Ever since the introduction of the short-circuit technique for studies of electrolyte transport across frog skin epithelium (Ussing & Zerahn, 1951) the ‘Ussing chamber’ has evolved and become adapted to a variety of different applications in epithelial physiology. However, most systems retain the key features of the original design: symmetrical hemi-chambers allowing the two surfaces of the epithelium to be bathed with physically separate solutions; paired electrodes (or salt bridges) placed close either side of the epithelium for measuring the transepithelial PD; and paired current-passing electrodes placed more distally for voltage clamp experiments.

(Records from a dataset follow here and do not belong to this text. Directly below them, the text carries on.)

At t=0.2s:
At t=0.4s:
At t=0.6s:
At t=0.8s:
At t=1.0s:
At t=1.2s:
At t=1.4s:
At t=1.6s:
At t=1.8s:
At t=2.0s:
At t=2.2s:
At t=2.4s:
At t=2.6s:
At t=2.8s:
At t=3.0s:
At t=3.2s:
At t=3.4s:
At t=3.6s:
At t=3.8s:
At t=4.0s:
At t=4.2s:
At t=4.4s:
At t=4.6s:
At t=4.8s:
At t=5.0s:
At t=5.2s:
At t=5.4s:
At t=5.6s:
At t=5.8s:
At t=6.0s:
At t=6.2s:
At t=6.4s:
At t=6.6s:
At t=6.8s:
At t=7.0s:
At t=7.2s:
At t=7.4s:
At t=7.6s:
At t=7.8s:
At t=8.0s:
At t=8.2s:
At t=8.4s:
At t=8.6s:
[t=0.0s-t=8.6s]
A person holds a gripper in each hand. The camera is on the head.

With the increasing use of cultured epithelial cell lines grown on permeable filter supports, modified Ussing chamber systems have become commercially available that are designed specifically to accommodate these filter ‘inserts’. In principle this is an excellent idea which makes it possible to transfer a confluent, polarized monolayer of cells directly from the culture plate into the Ussing chamber with minimal disturbance and no risk of edge damage. In practice however we have found that repetitive draining and refilling of the hemi-chambers introduces significant artifacts and may lead to irreversible changes in transepithelial resistance (TER). In our hands, Caco-2 cells grown on polycarbonate filters (Snapwell, Corning Costar Inc.) showed both a transient stimulation of the short-circuit current and a loss of TER every time the solution on one or both sides of the monolayer was replaced with an identical solution. Such artifacts led to serious problems in measuring and interpreting the small diffusion potentials that are used to evaluate tight junction permeability.

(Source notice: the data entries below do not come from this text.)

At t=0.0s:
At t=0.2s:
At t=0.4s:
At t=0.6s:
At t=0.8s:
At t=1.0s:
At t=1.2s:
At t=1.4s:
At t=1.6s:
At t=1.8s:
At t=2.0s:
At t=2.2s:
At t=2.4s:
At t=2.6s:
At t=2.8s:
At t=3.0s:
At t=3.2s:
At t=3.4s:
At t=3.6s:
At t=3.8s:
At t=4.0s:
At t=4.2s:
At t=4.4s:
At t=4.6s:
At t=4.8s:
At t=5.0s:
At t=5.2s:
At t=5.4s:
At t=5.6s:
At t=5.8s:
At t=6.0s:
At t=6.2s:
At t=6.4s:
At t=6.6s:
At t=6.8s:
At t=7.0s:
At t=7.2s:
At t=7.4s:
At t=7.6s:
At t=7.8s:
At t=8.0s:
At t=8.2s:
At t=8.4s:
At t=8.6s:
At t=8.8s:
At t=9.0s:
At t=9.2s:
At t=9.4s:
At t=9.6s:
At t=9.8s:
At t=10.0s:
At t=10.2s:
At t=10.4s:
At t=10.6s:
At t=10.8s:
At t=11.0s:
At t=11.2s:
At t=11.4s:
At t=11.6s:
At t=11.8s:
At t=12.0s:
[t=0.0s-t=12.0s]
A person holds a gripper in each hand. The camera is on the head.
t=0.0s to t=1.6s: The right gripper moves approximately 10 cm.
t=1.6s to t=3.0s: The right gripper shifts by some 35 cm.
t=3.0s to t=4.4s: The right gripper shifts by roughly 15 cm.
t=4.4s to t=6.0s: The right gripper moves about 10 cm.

To circumvent these problems, which are presumably due to the pressure changes and other mechanical forces associated with draining and refilling a conventional Ussing chamber, we have devised a simple system in which the two surfaces of the filter are continuously superfused using a peristaltic pump. In order to keep the chamber volumes small, and therefore achieve rapid solution changes at modest perfusion rates, we have based our design around a 12-mm filter insert (Transwell, Corning Costar Inc.) located in situ in one well of a 12-well culture plate. Inlets and outlets for the solutions are provided by syringe needles, the voltage electrodes are agarose-KCl bridges linked to Ag-AgCl electrodes and the current electrodes are chloride-coated Ag wire loops located in the upper and lower compartments. Using this system, solution changes can be achieved without any mechanical disturbance of the cells or loss of TER. Furthermore, by replacing the bottom of the culture plate well with a glass coverslip it is relatively simple to transfer the system on to the stage of an inverted fluorescence microscope for simultaneous measurement of intracellular ions by microfluorometry.
This work was supported by the Wellcome Trust.